Lebih lanjut, Supratman membeberkan salah satu pemicu utama kenaikan tarif adalah untuk menopang upaya transformasi digital di lingkungan Kementerian Hukum. Saat ini, kementerian tersebut mengelola sekitar 530 jenis layanan publik yang seluruhnya diarahkan menuju sistem digitalisasi penuh. Sistem yang kompleks ini tentu membutuhkan biaya perawatan dan pemeliharaan yang tidak sedikit.

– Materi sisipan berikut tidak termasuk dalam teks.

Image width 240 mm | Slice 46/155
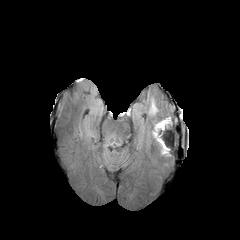
FLAIR MR.
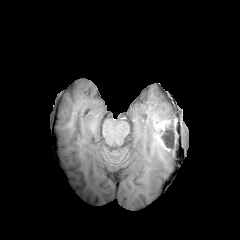
T1-weighted MR image.
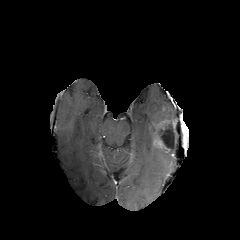
Same slice, post-contrast T1-weighted MR image.
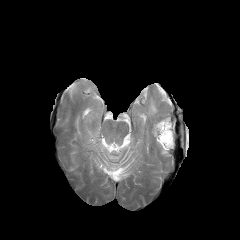
T2-weighted MRI of the same slice.
<segmentation>
  <edema>l=158, t=145, r=169, b=156; l=100, t=136, r=120, b=160; l=132, t=98, r=173, b=141; l=137, t=118, r=144, b=133</edema>
  <non-enhancing_tumor_core>l=158, t=131, r=169, b=149</non-enhancing_tumor_core>
</segmentation>
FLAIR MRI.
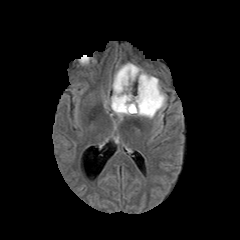
T1-weighted MR image.
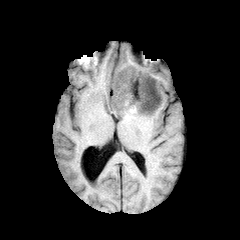
Post-contrast T1-weighted MR image.
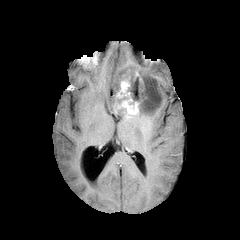
T2-weighted magnetic resonance.
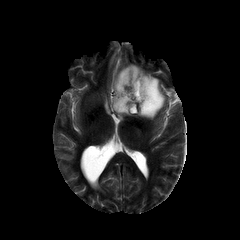
Brain
The enhancing tumor appears at x1=114 y1=76 x2=138 y2=113. The non-enhancing tumor core is at x1=130 y1=74 x2=157 y2=100. 2 edema regions are bounded by x1=110 y1=112 x2=129 y2=129, x1=104 y1=62 x2=167 y2=119.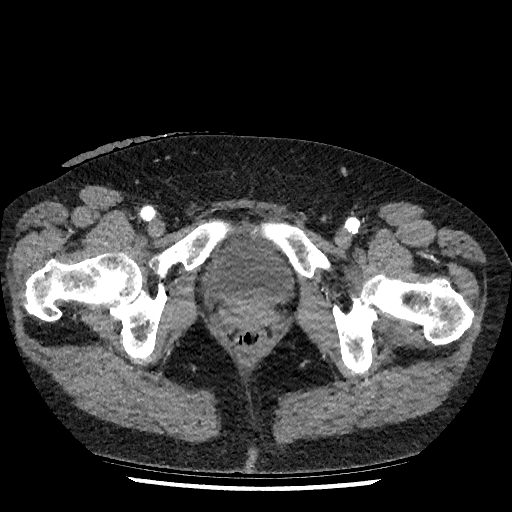
512x512. CT. The urinary bladder is located at 203 228 294 300.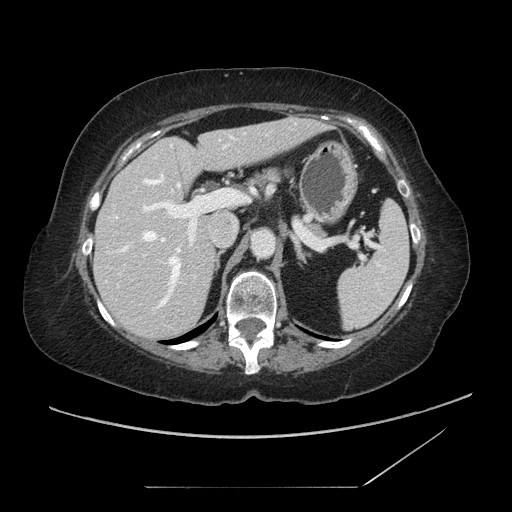
CT slice; 512x512

{
  "pancreas": [
    "x1=244, y1=165, x2=286, y2=197",
    "x1=308, y1=222, x2=327, y2=238"
  ]
}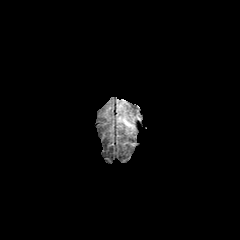
FLAIR MR image.
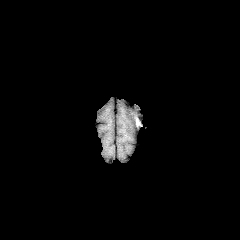
T1-weighted MRI.
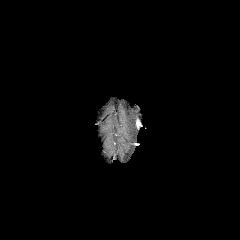
Post-contrast T1-weighted MRI.
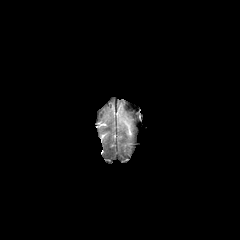
T2-weighted magnetic resonance of the same slice.
Head
edema: (x1=121, y1=117, x2=131, y2=127)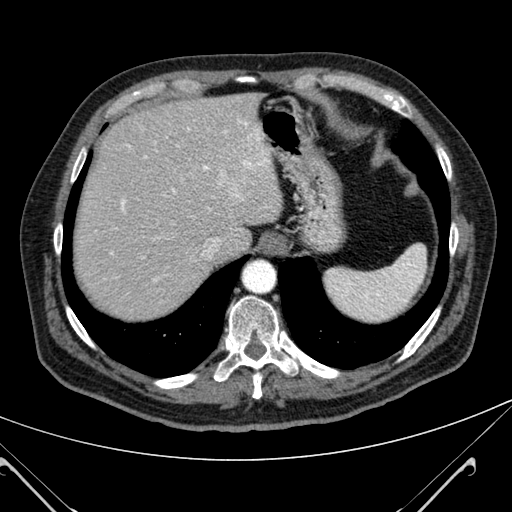

Computed tomography, 512x512, Upper abdomen
Liver: bounding box [73, 90, 284, 321].
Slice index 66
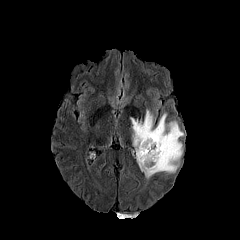
FLAIR MRI.
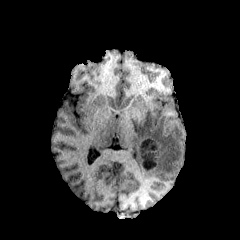
Same slice, T1-weighted magnetic resonance.
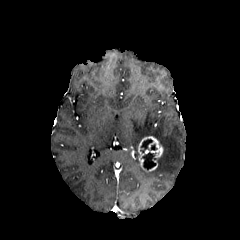
Post-contrast T1-weighted MRI.
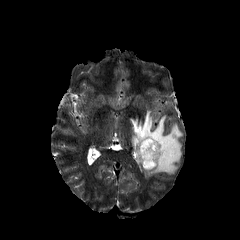
T2-weighted MR.
Edema — x1=130 y1=110 x2=183 y2=178.
Enhancing tumor — x1=137 y1=136 x2=163 y2=171.
Non-enhancing tumor core — x1=140 y1=139 x2=152 y2=152, x1=142 y1=152 x2=156 y2=170.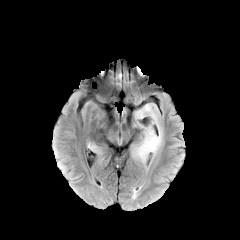
FLAIR MR.
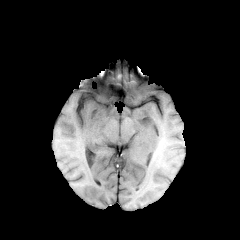
T1-weighted magnetic resonance of the same slice.
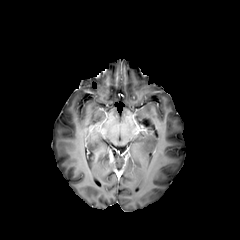
Same slice, post-contrast T1-weighted MRI.
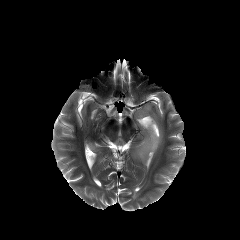
T2-weighted magnetic resonance of the same slice.
<segmentation>
  <edema>[132, 103, 163, 163]</edema>
  <non-enhancing_tumor_core>[137, 123, 147, 134]</non-enhancing_tumor_core>
</segmentation>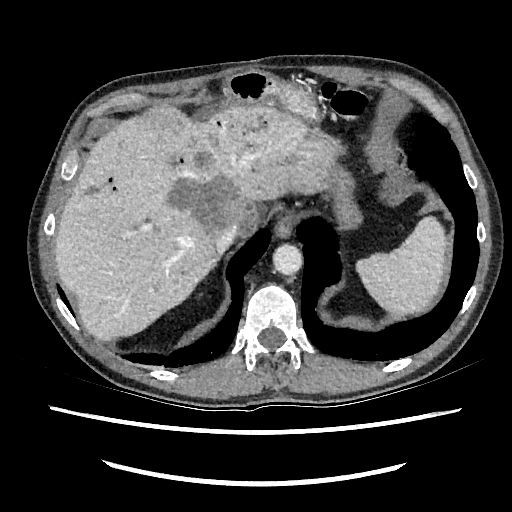
CT slice

Segmented structures:
* liver: box(55, 105, 340, 339)
* focal liver lesion: box(166, 177, 256, 236); box(85, 186, 97, 195); box(167, 155, 183, 164); box(193, 151, 211, 170)
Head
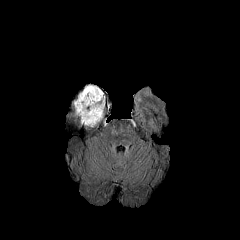
FLAIR magnetic resonance.
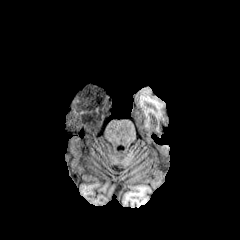
Same slice, T1-weighted MR image.
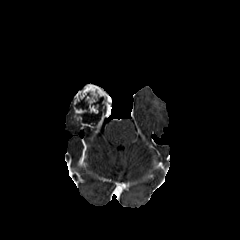
Post-contrast T1-weighted magnetic resonance of the same slice.
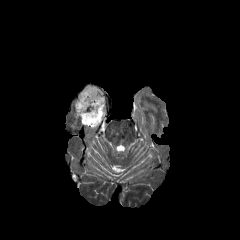
T2-weighted MR of the same slice.
The non-enhancing tumor core lies within left=67, top=93, right=106, bottom=126. The enhancing tumor is at left=74, top=83, right=111, bottom=132.

"Mengapa? Karena kami sedang membangun sistem. Kementerian Hukum bertransformasi menjadi kementerian yang sepenuhnya mengadopsi digitalisasi. Peralatan dan sistem ini harus terus dijaga, mengingat kami memiliki 530 layanan publik yang harus beroperasi dengan baik. Oleh karena itu, saya berharap keputusan ini tidak dianggap sebagai langkah yang tiba-tiba, melainkan sudah melalui pertimbangan matang," imbuhnya.